Chronique Aménagement du territoire Eau Environnement

Le marais des Échets sous le rouleau compresseur du remembrement agricole

Juliette Piketty-Moine

À partir des années 1950, l’État français impose dans les campagnes une politique de remembrement agricole. L’administration redessine les cartes foncières pour forcer la création de grandes exploitations agricoles. Les haies et les bois sont rasés, les zones humides sont asséchées. Ces destructions sont menées au nom du « progrès » agricole : les aménageurs centraux entendent remplacer les sociétés paysannes par une production agro-industrielle « moderne ».

Sur le plateau de la Dombes, au Nord de Lyon, le remembrement agricole commence seulement dans les années 1960. Le marais des Échets, à cheval sur les communes de Miribel, Tramoyes et Mionnay, constitue un milieu de vie très riche notamment pour les oiseaux. Le ministère de l’Agriculture et le Fonds européen d’orientation et de garantie agricole, annoncent la destruction de ces 1 100 hectares, au nom de l’« assainissement » et de la « valorisation » agricole du marais.

Marais vivant ou monoculture de maïs ?

Plusieurs agricult·rices et des associations ornithologistes se mobilisent : un « Comité de défense » se monte, dans lequel figurent entre autres, Albert Geoffray, agriculteur et maire de Tramoye et Philippe Lebreton, naturaliste, professeur à l’Université de Lyon. En 1965, la préfecture donne son accord de principe pour la création d’une zone protégée de 300 hectares. En 1970, Léon Chambaretaud, sénateur lyonnais et riche propriétaire foncier, qui a amplement profité du remembrement, et Pierre Cormorèche, de la FNSEA locale, persistent à saccager le marais pour y planter du maïs : le sénateur fait venir bulldozers et tractopelles pour couper les haies et drainer les plans d’eau.

Le premier ministre de l’Environnement, Robert Poujade, nommé en janvier 1971 réitère son soutien au défenseu·ses du marais en annonçant son intention de classer la zone. La bagarre se tourne vers les urnes municipales : Jean Cormorèche, le maire de Miribel, pro-remembrement, est battu en 1971 par les protecteurs de la nature. Pendant ce temps, le Comité de défense alerte le tribunal administratif sur les dégâts en cours. En mars 1972, le sénateur est finalement inculpé.

Une victoire aux coûts dévastateurs

Finalement, sur les 1 100 hectares concernés, 215 hectares sont préservés, dont le Parc des oiseaux, à Villars-les-Dombes. Par la suite, une autre zone de 210 hectares sera classée à proximité et un propriétaire mettra également en place une réserve privée de 23 hectares à Mionnay. Mais les marais auront tout de même été asséchés en grande partie et, dès 1973, les riverain·es subissent des inondations. Le maire de Rochetaillée-sur-Saône accuse l’asséchement sauvage du marais : ce dernier ne peut plus jouer le rôle d’éponge pour retenir l’eau lors des orages.

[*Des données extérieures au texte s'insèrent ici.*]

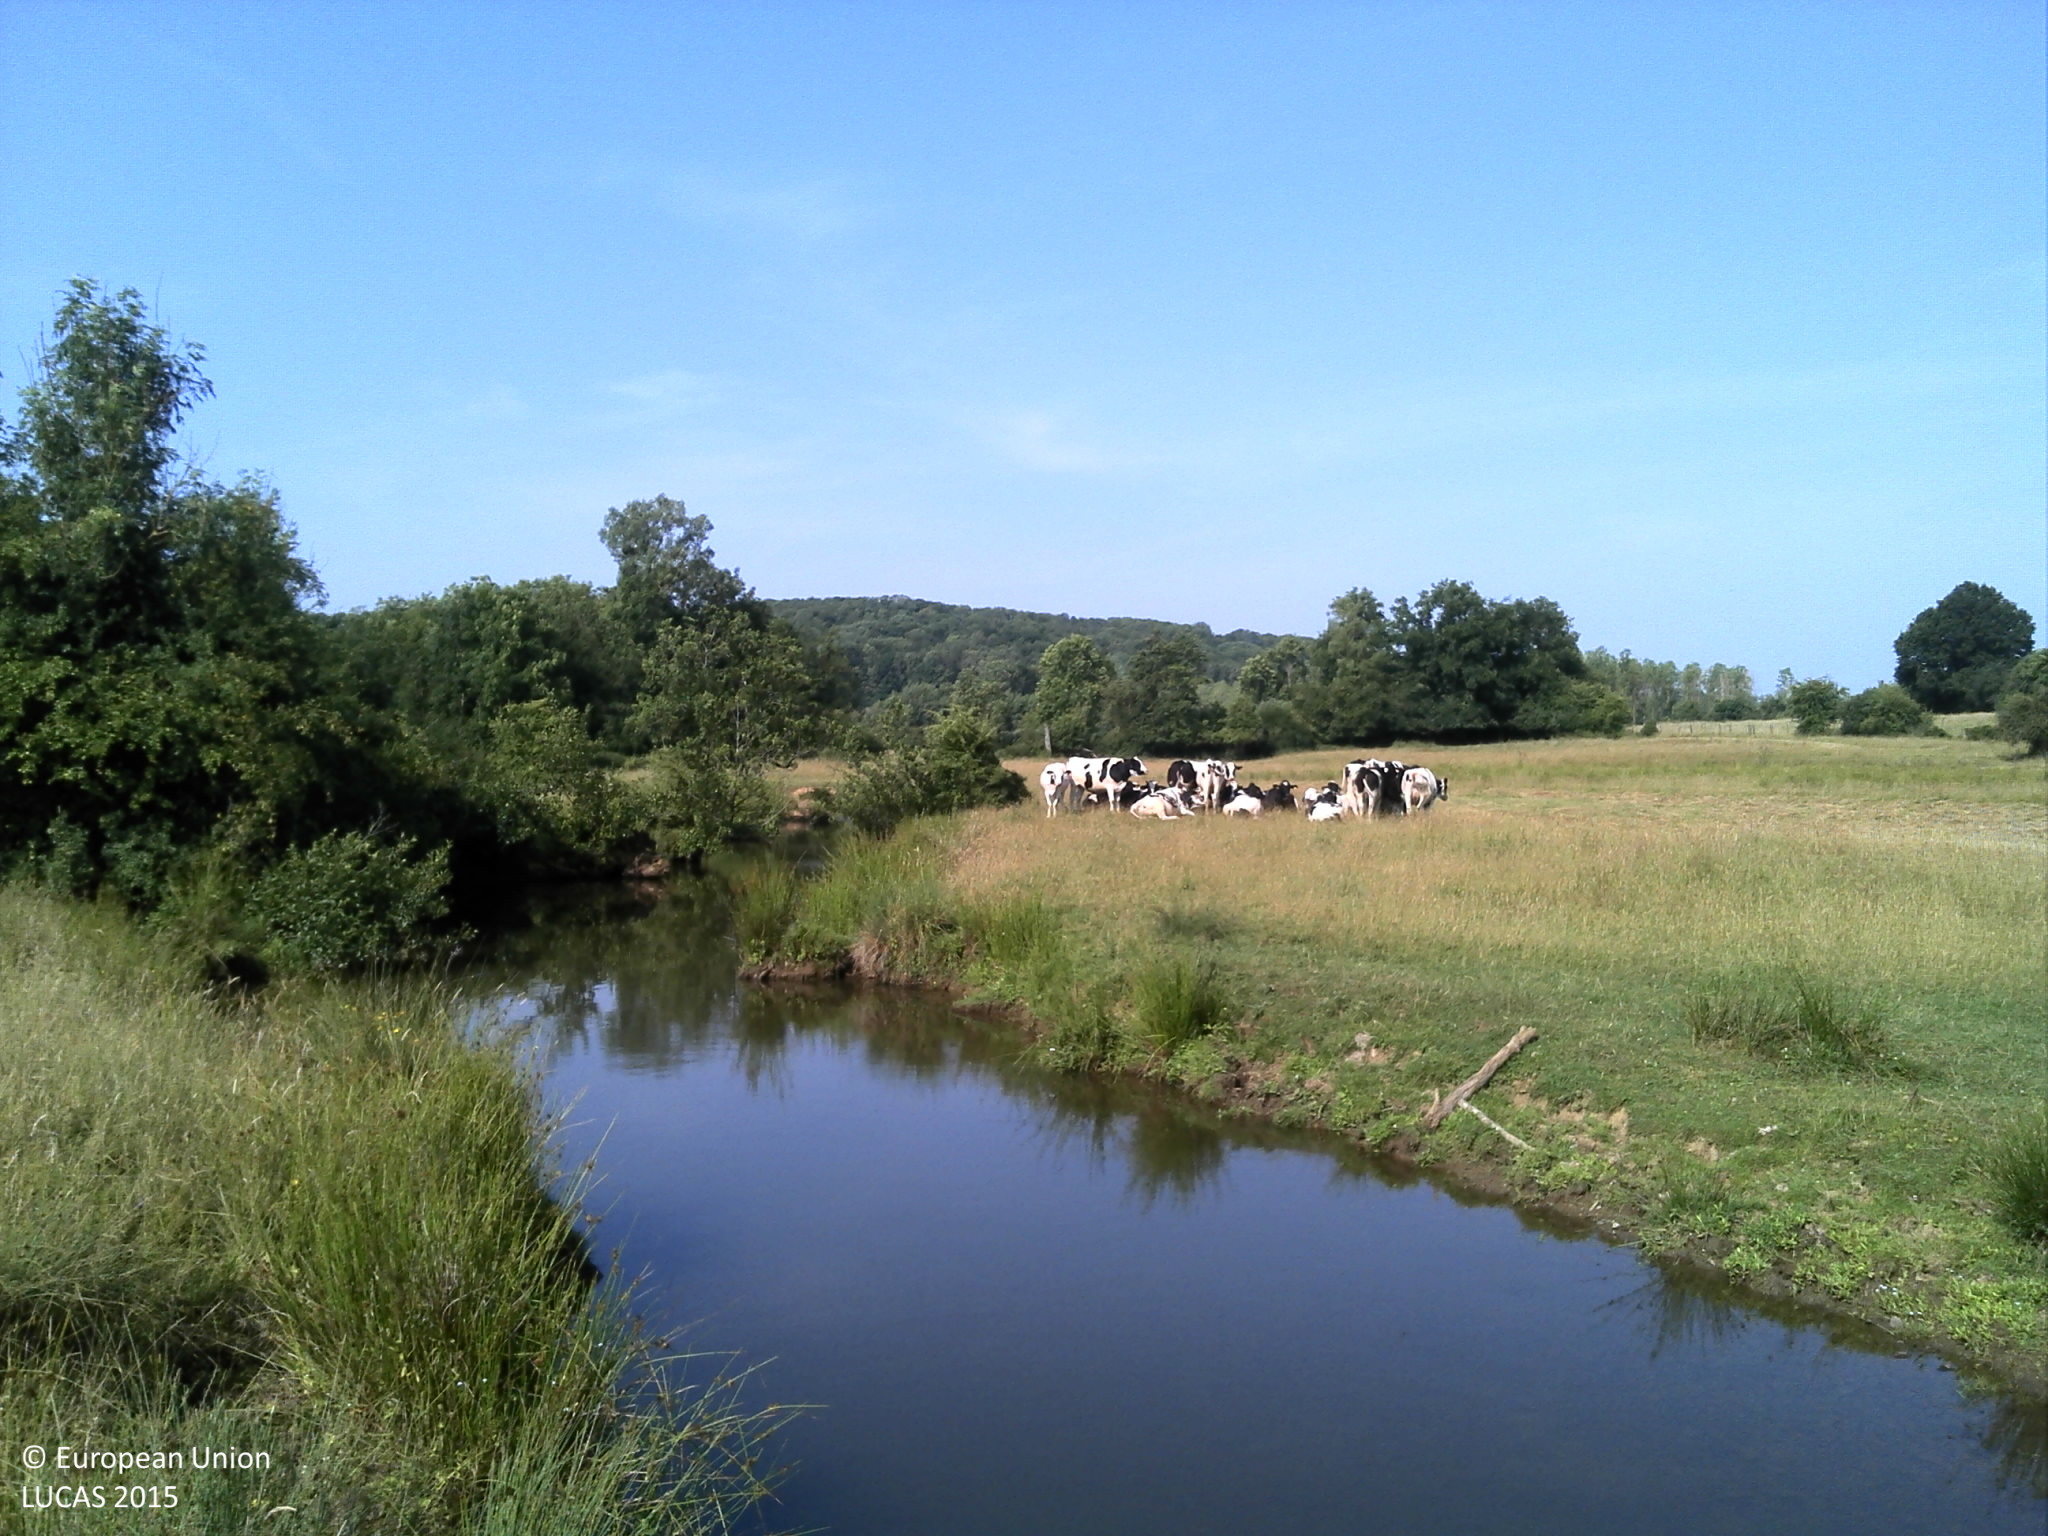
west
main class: Grassland
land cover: Grassland without tree/shrub cover
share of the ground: > 75 %
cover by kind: herbaceous plants 100 %
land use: Agriculture (excluding fallow land and kitchen gardens)
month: July
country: FR
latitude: 49.8341
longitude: 4.4764
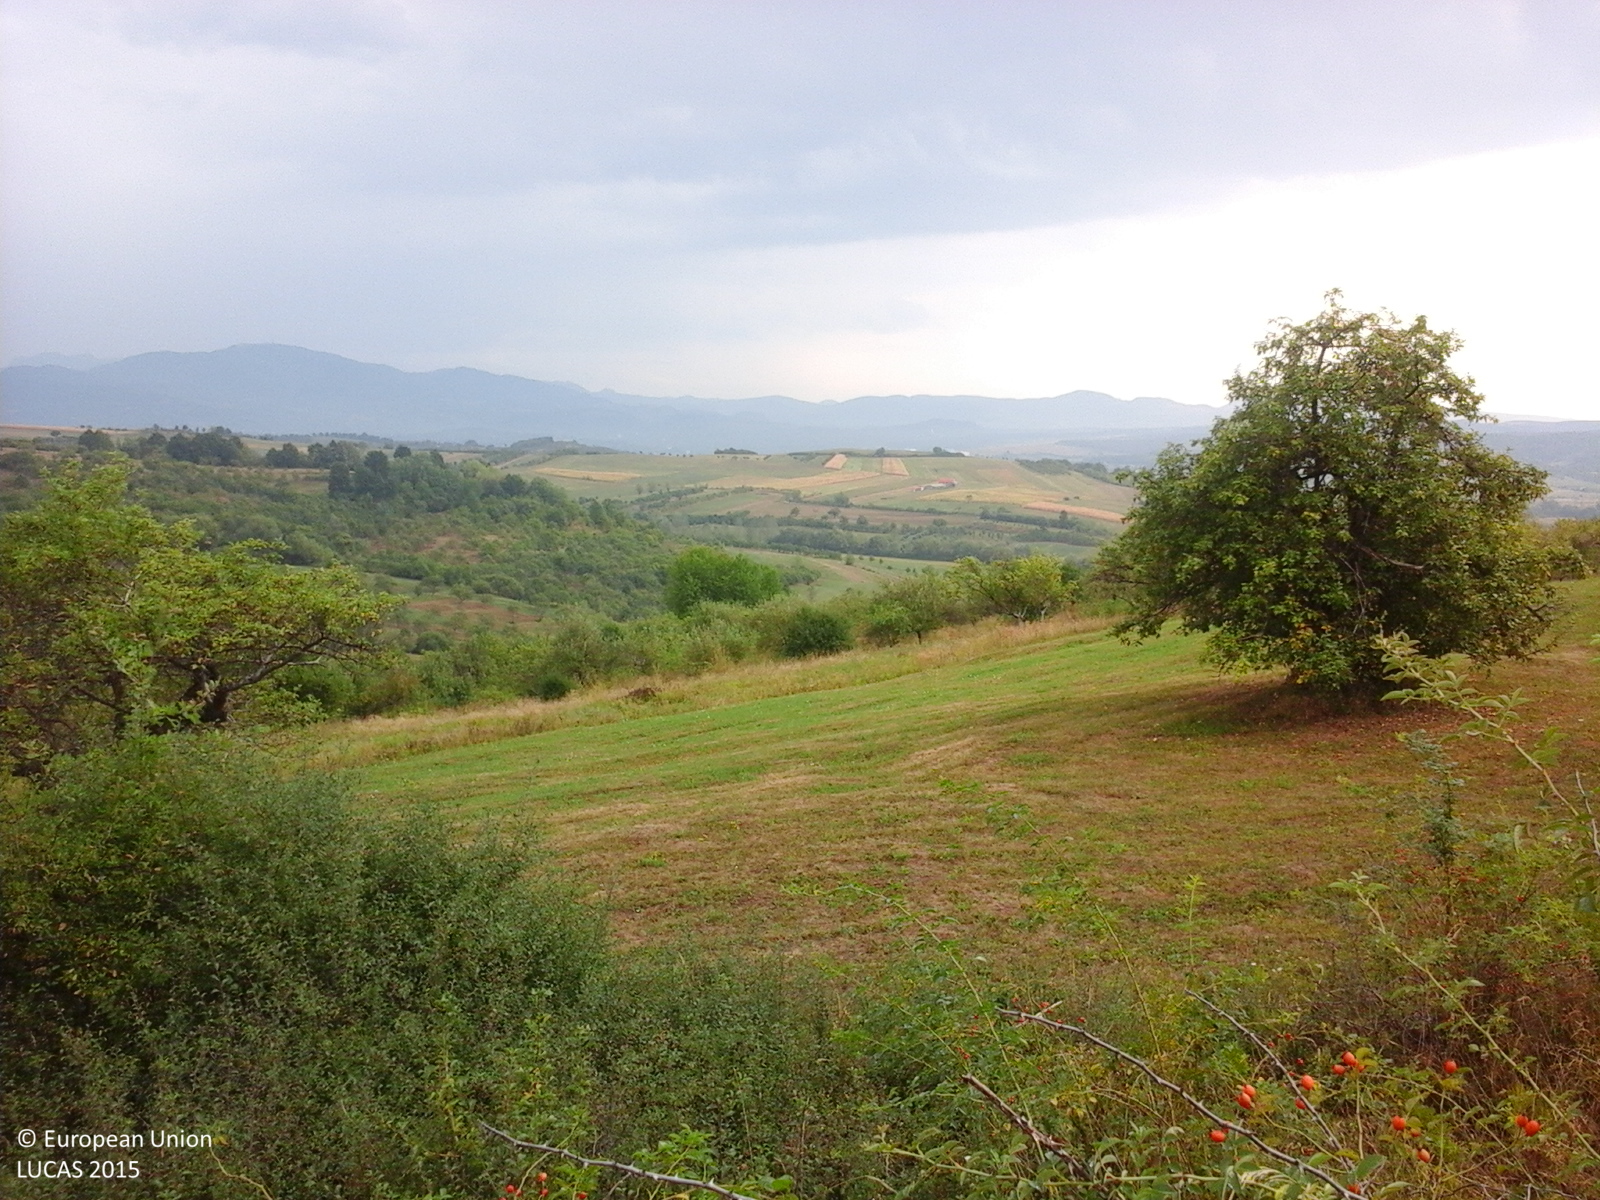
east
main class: Shrubland
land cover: Shrubland without tree cover
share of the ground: > 75 %
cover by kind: shrubs 100 %
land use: Fallow land
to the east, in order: Shrubland without tree cover; Grassland without tree/shrub cover; Spontaneously vegetated surfaces; Apple fruit; Shrubland with sparse tree cover
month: September
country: RO
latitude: 47.5946
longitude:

Il s’agit du dernier marais asséché en France : la lutte a été décisive pour comprendre l’intérêt de maintenir les zones humides. Cette lutte a aussi permis la création de la FRAPNA, l’actuelle branche Rhône-Alpes de France Nature Environnement qui, au cours des décennies qui suivirent, mena de nombreuses batailles et obtint des victoires notamment contre l’extension de stations de ski. Mais c’est une autre histoire !

Contact : FNE Ain (ex FRAPNA), 44 avenue de Jasseron, Bourg-en-Bresse, 04 74 21 38 79, ain@fne-aura.org, www.fne-aura.org/ain.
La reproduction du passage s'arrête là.